# I caught some bees....please read and help with advice!



## brazosdog02 (Feb 5, 2013)

I am a beekeeper of less than one year. I have two hives. Anyway, I had a large limb fall on my property yesterday. Today, when I was checking it out, I realizes that the limb was hollow and it broke. There is a hive in it. I think 30% of the hive is down, the rest of the comb is in the tree, 30 feet up.

There was a ball of bees on the ground around some pieces of comb. It is 40 degrees here and going to be in the upper 20's tonight.

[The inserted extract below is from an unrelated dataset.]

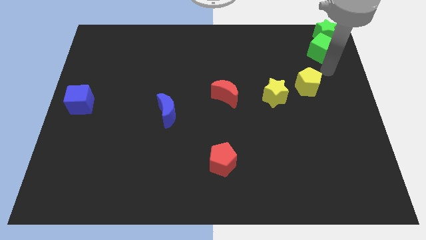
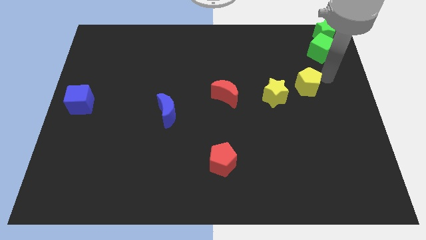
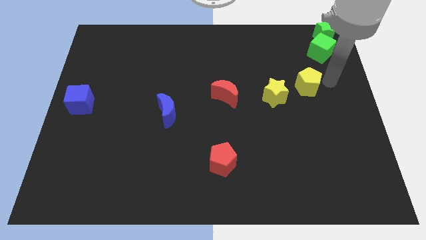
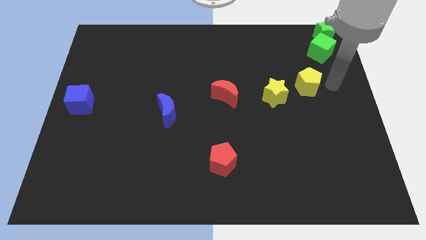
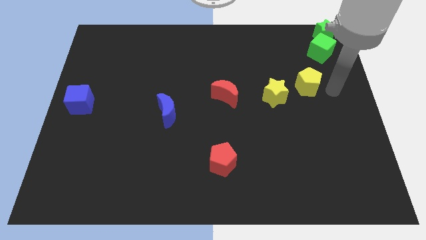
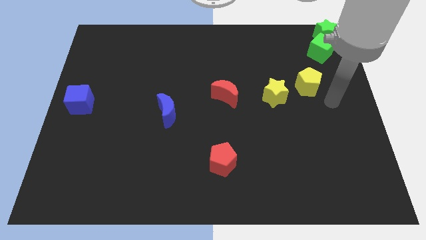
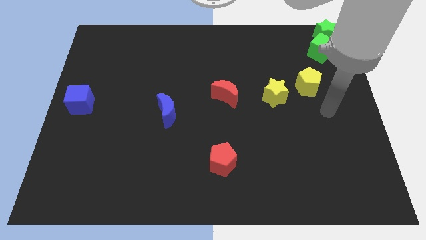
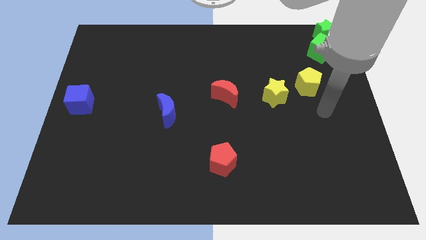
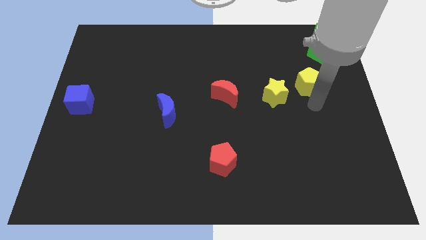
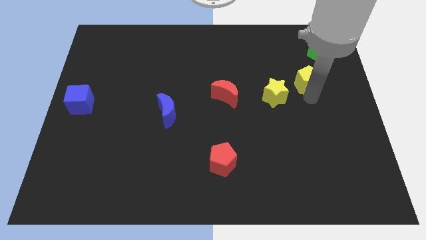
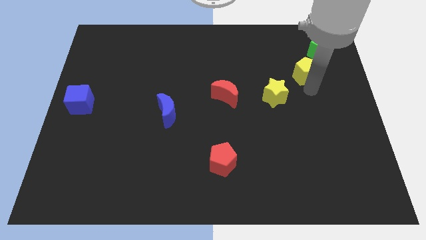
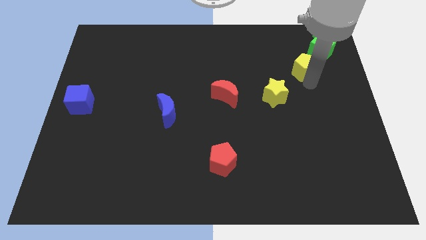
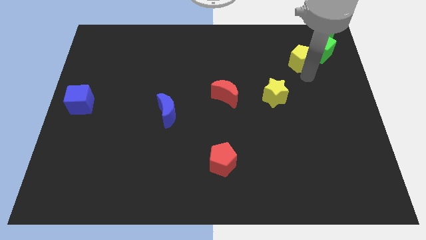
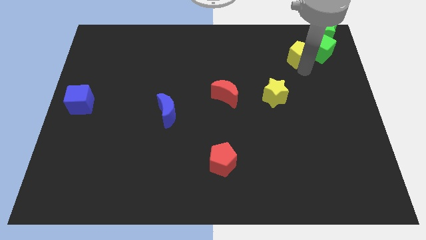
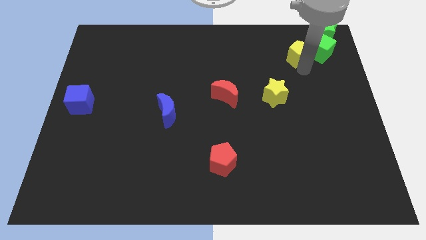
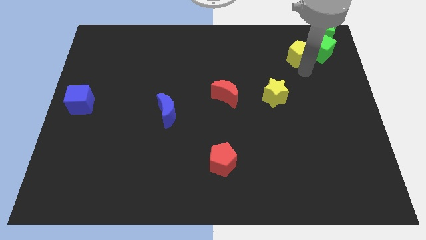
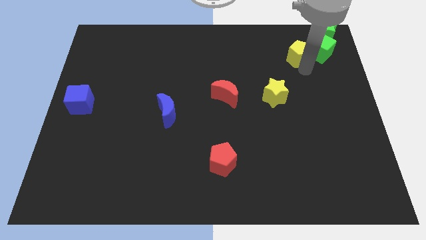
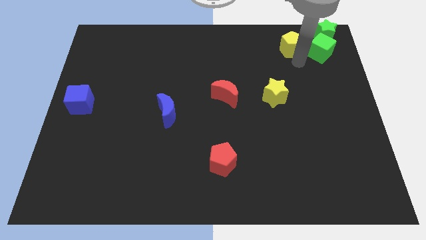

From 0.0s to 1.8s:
put the yellow pentagon left to the green cube

I got an empty deep and medium hive body, and a bottom board. I put some a fair bit of their comb that appears to have honey in it, and I put it in the center of the medium body, and put EMPTY frames with foundation (thats all I have available) around it. Then I put the deep hive body on top since the comb is taller than a single medium. I put an inner cover on it and a top.

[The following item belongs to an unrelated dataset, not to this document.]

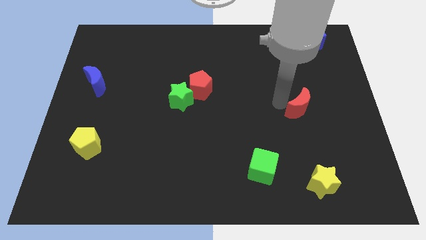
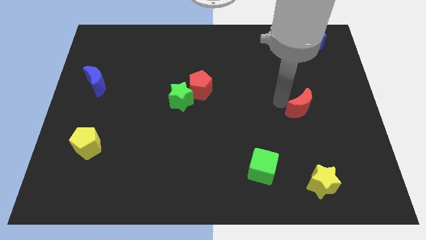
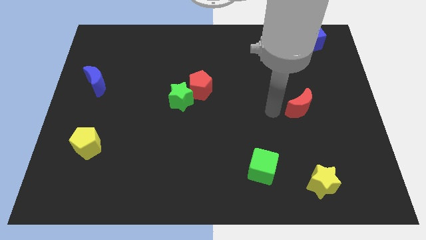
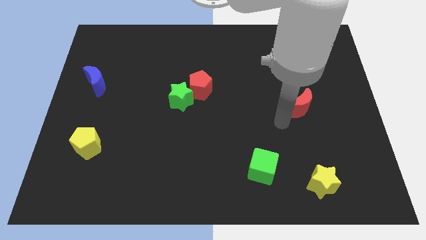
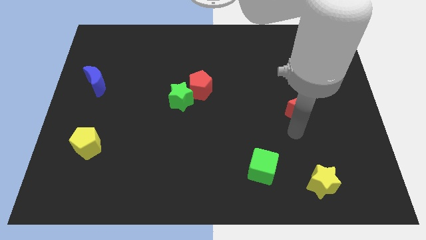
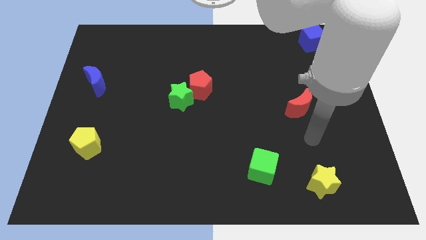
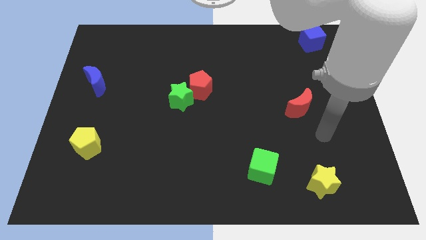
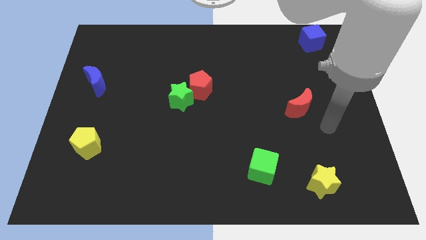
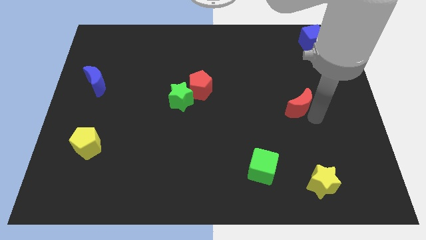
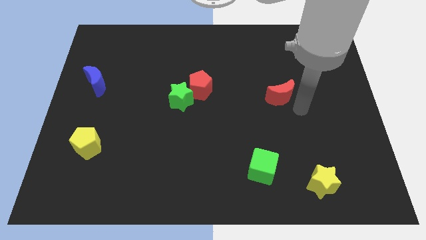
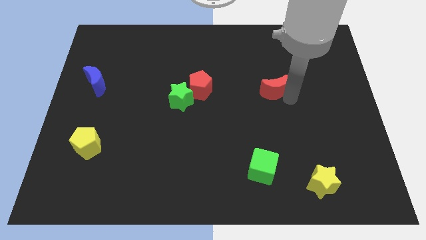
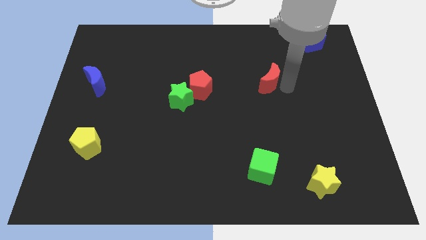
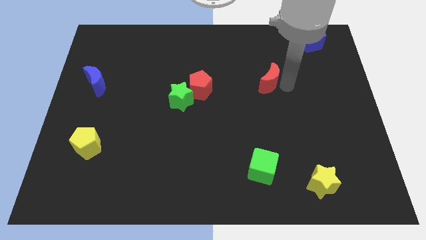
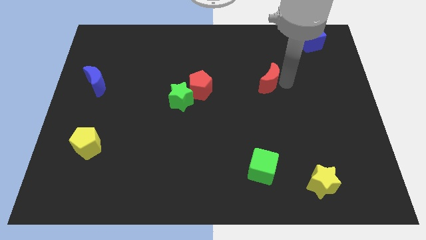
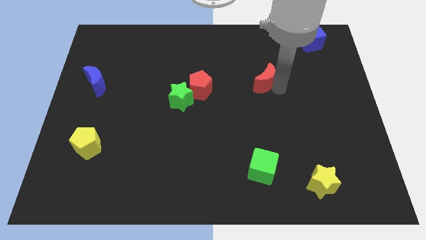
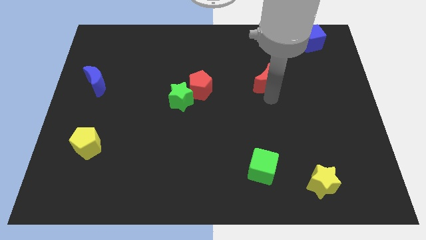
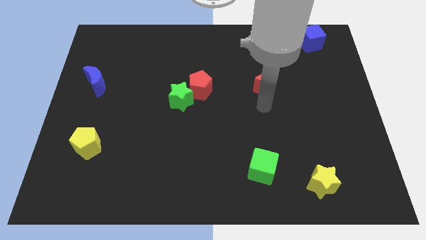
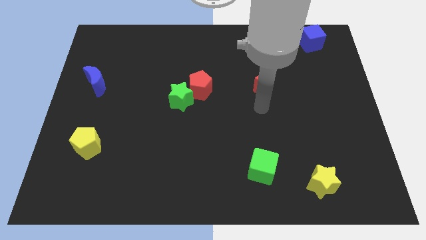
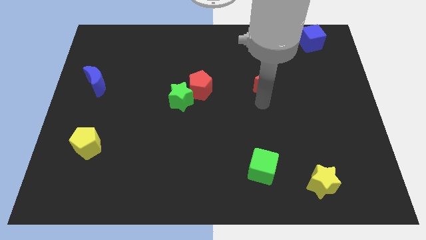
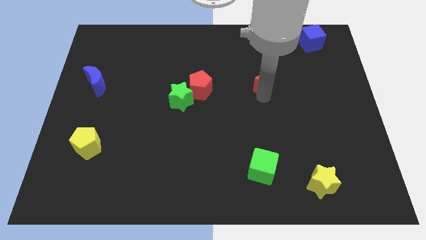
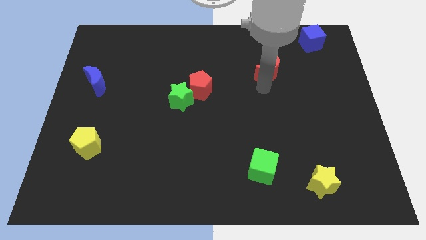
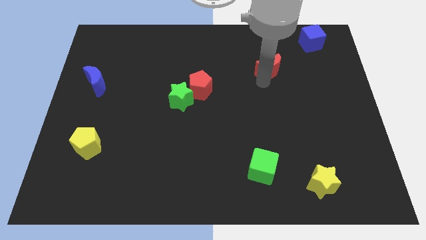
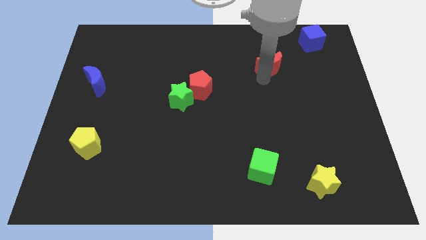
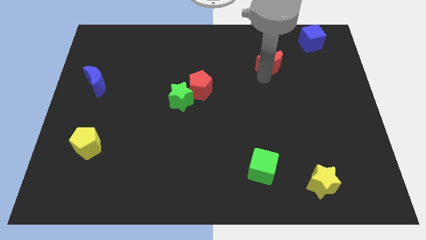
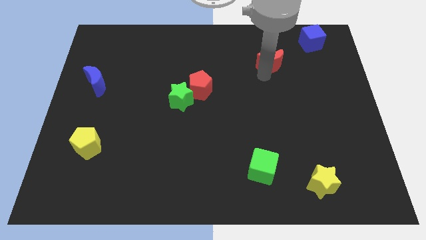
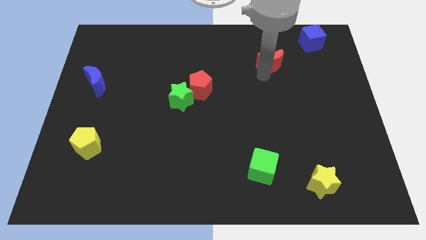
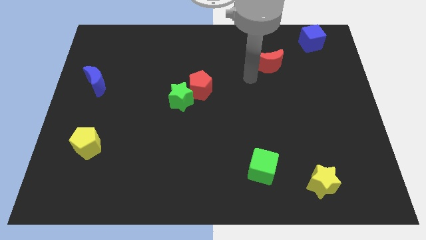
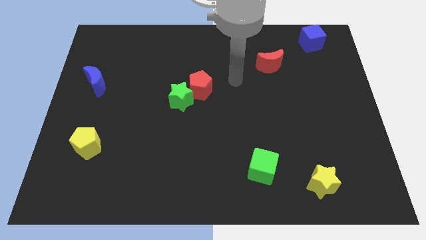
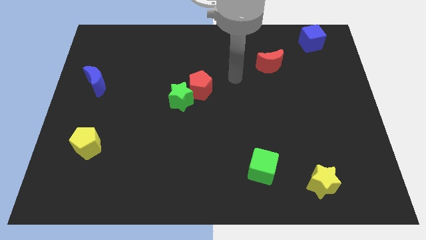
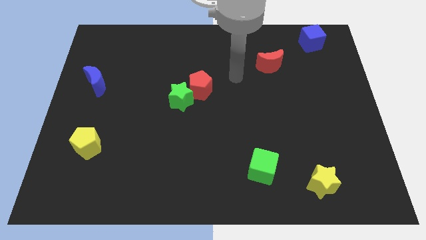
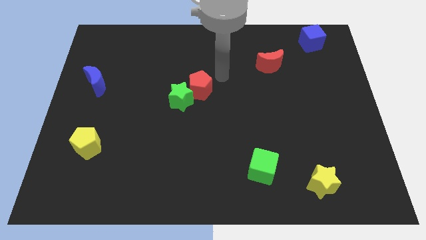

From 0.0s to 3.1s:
place the red moon diagonally in between the red pentagon and the blue cube

I put it near the ball of bees and I scooped as many up as possible and dumped them in the hive body. It appears as though the rest have moved into the hive. I was going to use a couple of medium frames from my existing hives to supplement them, but there isnt much honey for them, and Im not willing to sacrifice the safety of my good hives yet.

Anyway, I didnt know what else to do but they would die for sure otherwise. SO...the wild bees are in the new hive with whatever honey they have. I was going to make sugar syrup for them tonight and put a hive top feeder on it in case they needed it.

What else do I need to do? but move it to the apiary and wait for spring and continue to feed them as long as they take syrup?????


----------



## burns375 (Jul 15, 2013)

Do you have the queen? Too cold for syrup.


----------



## Saltybee (Feb 9, 2012)

I'll take a shot. 
Sounds like you did well under a real time crunch. Marching in may be a good sign for getting the queen. You might consider banding the comb into frames on a good day. I would cut off the tall comb or move it all into the deep trying to get all the comb in the top of the frame and cluster as best you can in a single body. They will not do much with wax until it is warm.

An insulated top and a spacer with dry sugar or candy might be better than syrup, but I do not know your temps.

Any chance of living through an attempt at getting the branch bees? Not worth risky business though.


----------



## RayMarler (Jun 18, 2008)

I agree with SaltyBee, you may have the queen since they all marched in the box. I also think you should remove the medium and move as much of the wild comb that you can salvage into the deep, tie it into frames with cotton twine. If you can, then leave the box where it is at or setup a table there to put it on if you like. Beware if you have high winds. I'd try to keep it there close to where it fell. If you do have the queen, the rest of the bees from 30 feet up may come on down to the new box and set up home in it. Wait for warmer weather and see how they are fairing. If you get daytime temps up into the 65 or higher range, you could set out some sugar syrup or install a feeder for them. Good luck!


----------



## brazosdog02 (Feb 5, 2013)

Im going to go ahead with my syrup. I already made it anyway, and temps in Texas will get into the 60's several times a week in the winter. They will have to wait a few days before I can do anything more. Thanks for the advice you guys! Ill get to it when I can!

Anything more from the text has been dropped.